My assistant principal and I both read this dynamic book and then shared key concepts from the book with our school leadership team.  Then, throughout the school year, our school leadership team is leading our entire faculty through a study of the book during monthly faculty meetings. We have had several incidents this year already where a teacher was forced to own a mistake, rather than placing blame on someone else.  

One such example happened in a history class where the students were given several options to demonstrate mastery of a standard; one option was to write a poem or rap.  The poem was to be submitted to the teacher for approval before reading the poem in front of the class. A poem was written, submitted to the teacher for approval, and approved. When the poem was read to the class, the teacher was horrified that it contained a sexual reference.  The teacher’s first reaction was one we all can relate to. “How dare the student say that to my students! This boy needs to be sent to the office!” However, once the teacher’s initial shock and anger waned, the teacher realized that ultimately, the student making a sexual reference in front of the class was the teacher’s fault, since the teacher had mistakenly approved the poem to be read aloud. The teacher addressed the student and took responsibility and even called the student’s parents to admit the mistake and ensure it would not happen again.  

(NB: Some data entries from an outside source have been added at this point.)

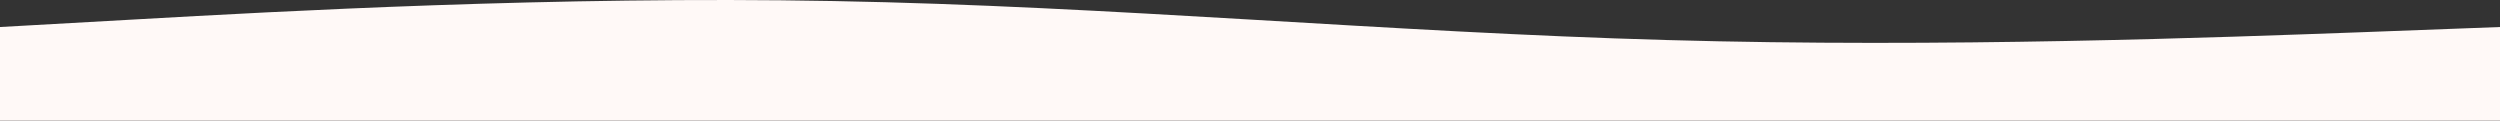<?xml version="1.0" encoding="UTF-8" standalone="no"?>
<svg
   viewBox="0 0 1440 69.467"
   version="1.1"
   id="svg134"
   sodipodi:docname="aaa.svg"
   inkscape:version="1.2.1 (9c6d41e4, 2022-07-14)"
   width="1440"
   height="69.467"
   xmlns:inkscape="http://www.inkscape.org/namespaces/inkscape"
   xmlns:sodipodi="http://sodipodi.sourceforge.net/DTD/sodipodi-0.dtd"
   xmlns="http://www.w3.org/2000/svg"
   xmlns:svg="http://www.w3.org/2000/svg">
  <rect x="0" y="0" width="1440" height="69.467" fill="#333333" stroke="none"/>
  <defs
     id="defs138" />
  <sodipodi:namedview
     id="namedview136"
     pagecolor="#ffffff"
     bordercolor="#666666"
     borderopacity="1.0"
     inkscape:showpageshadow="2"
     inkscape:pageopacity="0.0"
     inkscape:pagecheckerboard="0"
     inkscape:deskcolor="#d1d1d1"
     showgrid="false"
     inkscape:zoom="0.86527778"
     inkscape:cx="665.10433"
     inkscape:cy="-37.560193"
     inkscape:window-width="2056"
     inkscape:window-height="1257"
     inkscape:window-x="0"
     inkscape:window-y="44"
     inkscape:window-maximized="1"
     inkscape:current-layer="svg134" />
  <path
     fill="#fff9f7"
     fill-opacity="1"
     d="M 0,15.565 80,11.074 C 160,6.582 320,-2.402 480,0.602 640,3.494 800,18.653 960,23.061 c 160,4.576 320,-1.6 400,-4.492 l 80,-3.004 v 53.902 h -80 c -80,0 -240,0 -400,0 -160,0 -320,0 -480,0 -160,0 -320,0 -400,0 H 0 Z"
     id="path132"
     style="stroke-width:0.53" />
</svg>

As great as it is to see our staff take extreme ownership, we haven’t stopped with them.  We are taking this concept to our students. Our student leadership team is reading Extreme Ownership and is participating in leading lessons for our entire student body during our Teacher as Advisor meetings.

Our Teacher as Advisor meetings focus on students taking extreme ownership for their learning, behavior, and attitude. Learning this vital concept at a young age can revolutionize their entire lives. In meeting with a student last week regarding a discipline incident, the student actually said, “I own it; I did it.” While I was disappointed in the student’s poor choice, I praised him for quickly taking responsibility for his actions. It didn’t take the discipline consequence away but hopefully reinforced this valuable concept.

The Extreme Ownership book includes other great leadership lessons that we will incorporate into our school this year.  Some of these lessons include:

  • There are No Bad Teams, Only Bad Leaders
  • Mission Clarity
  • Keeping Your Ego In Check
  • Cover and Move
  • Prioritize and Execute
  • Discipline Equals Freedom

Beginning the school year with professional learning on the leadership concepts from this book has transformed how I look at every task I complete. One school-wide benefit of “Extreme Ownership” is that it is generating more enthusiasm in our building. It is pushing me, our entire staff, and the student body to accept responsibility and find solutions rather than wallowing in excuses, complaints, and criticism.

If you are truly interested in growing as a school leader, start by taking “Extreme Ownership” of everything in your world. Instead of complaining and making excuses about what is going wrong, look for possible solutions and ways to solve the problem.  Then, get ready for it to positively affect your entire school culture!

This blog was written by Dr. Connie Franklin. Dr. Franklin has over 20 years in education with 15 years as a school administrator at the middle school and high school levels. Before moving into administration, Dr. Franklin taught business education and was an instructional technology specialist.